# NGD - Handmade 7 String from an obscur luthier! Also I'm new to the forum :D



## LeAwkwardOli (Aug 17, 2012)

Hello everyone!

I recently got my first seven string guitar. I got this guitar from an auction site. It's a handemade guitar, but I can't find any information on the luthier. I only have the name on the guitar "MUSOO". (If anyone knows something please let me know  ). Anyways, here are the specs:

-Mahogany body
-Flame maple top
-Mahogany neck (very very fat neck btw)
-Ebony fretboard (no inlays = yeees!)
-27 (!) frets
-Nice reversed headstock
-Floyd bridge (which I blocked and transformed in a regular fixed bridge)
-Two humbuckers (passive, but I don't know the brand...)
-Volume and switch

Here are some pictures:





































And here are some sounds:
Musoo MI600 7 String Test Demo - Metal by Oliver Kaah on SoundCloud - Create, record and share your sounds for free

And here is some video action:



Cheers


----------



## Larrikin666 (Aug 17, 2012)

I see. Someone bought another one of these Chinese Bernie Rico Jr knockoffs. 

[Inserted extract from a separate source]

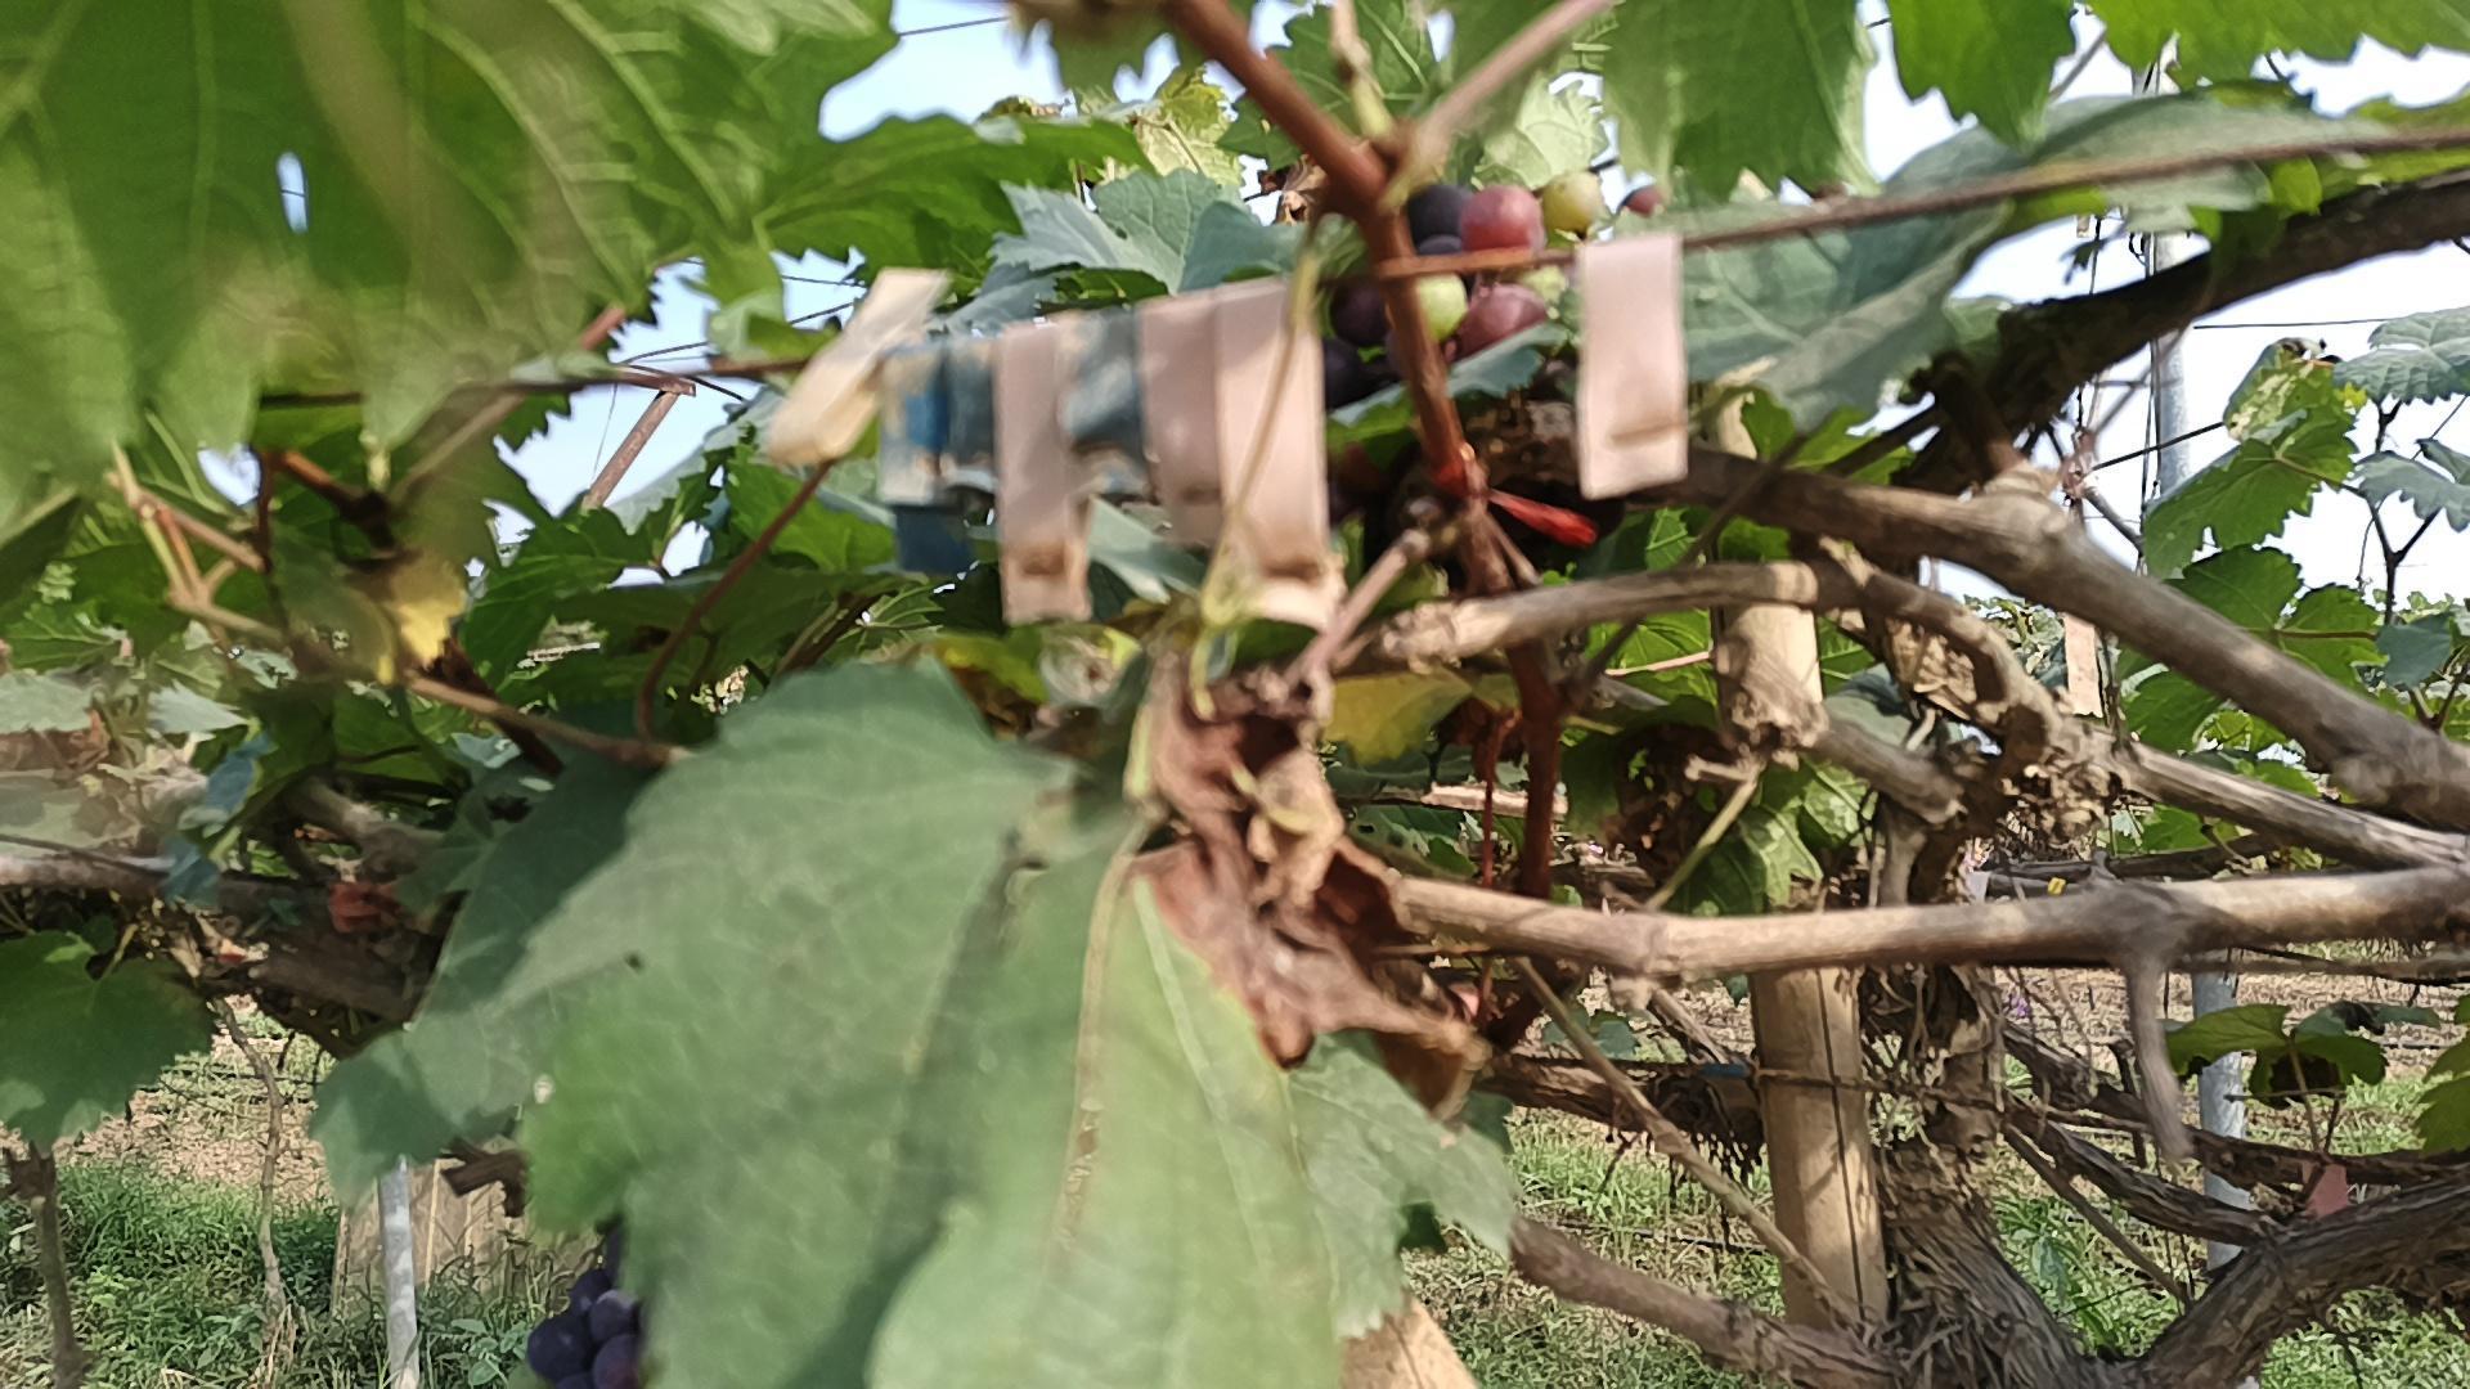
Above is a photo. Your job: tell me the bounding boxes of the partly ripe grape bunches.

http://www.sevenstring.org/forum/sevenstring-guitars/184064-chinese-bernie-rico-jr-copies-ebay.html

http://www.sevenstring.org/forum/se...-rico-jr-jekyll-like-made-china-lol-fail.html


----------



## 77zark77 (Aug 17, 2012)

that's definitvely NOT a work from a serious luthier ! sorry bro


----------



## linchpin (Aug 17, 2012)

The main reason why you can't find much info on the luthier is because I believe it's a Chinese make that does a lot of replicas based on other major names for cheap... I recall seeing few familiar shaped guitars with the Musoo on the headstock... they are made and sold through online dealers on these obscure sites... I must admit, some of those guitars i saw looked quite good but the quality is never guaranteed with these things... for starters, I would change those pickups.

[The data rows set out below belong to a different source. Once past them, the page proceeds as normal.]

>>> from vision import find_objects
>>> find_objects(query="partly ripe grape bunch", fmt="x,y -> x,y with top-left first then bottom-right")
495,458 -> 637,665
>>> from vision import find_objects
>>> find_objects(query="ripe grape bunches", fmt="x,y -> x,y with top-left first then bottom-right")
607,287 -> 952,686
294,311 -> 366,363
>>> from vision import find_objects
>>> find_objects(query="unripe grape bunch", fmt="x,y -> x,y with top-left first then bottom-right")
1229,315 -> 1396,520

Anyway, HNGD and welcome to SS!!!!


----------



## LeAwkwardOli (Aug 17, 2012)

Oh yeah, it looks like a bernie rico. But I bought it from a guy in Luxembourg. And I assume the luthier is from there too, since the man I bought the guitar from is a store owner who sells locals luthiers work. He also told me that this luthier builds prototypes for big brands.... I don't know. The guitar feels really great on the other hand. (only the neck is a bit fat).

EDIT: Yeah I plan on putting Blackhawks as soon as possible. But the stock PUs aren't that bad. The guitar has a very very dark sound, mainly because of the woods and the neck size I guess. So it should compensate with the brightness of the Blackhawks (I hope). Also the fact that those PUs are stripped (I don't know if it's the correct word) would be beneficial since the neck pickup is angled.

EDIT bis: I have to admit it looks just like that chinese Bernie Rico replica. Maybe it is one.


----------



## groverj3 (Aug 17, 2012)

Willkommen!

It does look like one of those copies, but you never know. If it plays nice and that doesn't bother you then who really cares .


----------



## AATTWDIS (Aug 17, 2012)

Here's a Musoo BRJ from ebay:

http://rover.ebay.com/rover/1/711-5...kQsE%252FSQ%253D&amp;orig_cvip=true&amp;rt=nchttp://www.ebay.com/itm/MUSOO-BRAND...d-/170889297798?pt=Guitar&hash=item27c9cbbf86

If you like it and it plays well, then it doesn't matter! 

How thick is that neck really?

Thanks for the clips and HAPPY NGD!


----------



## Larrikin666 (Aug 17, 2012)

AATTWDIS said:


> Here's a Musoo BRJ from ebay:
> 
> http://www.ebay.com/itm/MUSOO-BRAND-7string-Electric-guitar-with-thru-neck-ebony-fingerboard-/170889297798?pt=Guitar&hash=item27c9cbbf86
> 
> ...



LOL. Fret radius: 2.55". Really?


----------



## LeAwkwardOli (Aug 17, 2012)

I think that guitar shown on ebay is the exact one I got. I recognize a few specific things. Well f**k....... 

The neck is... well huge. But I have big hands (if you know what I mean) so I don't mind. The guitar feels good in all honesty. I had to tweak the bridge for it to stay still. But other than that, I got a nice 7 string (with decent/good woods. Seriously the ebony on the fretboard seems legit to me) for less than a squier.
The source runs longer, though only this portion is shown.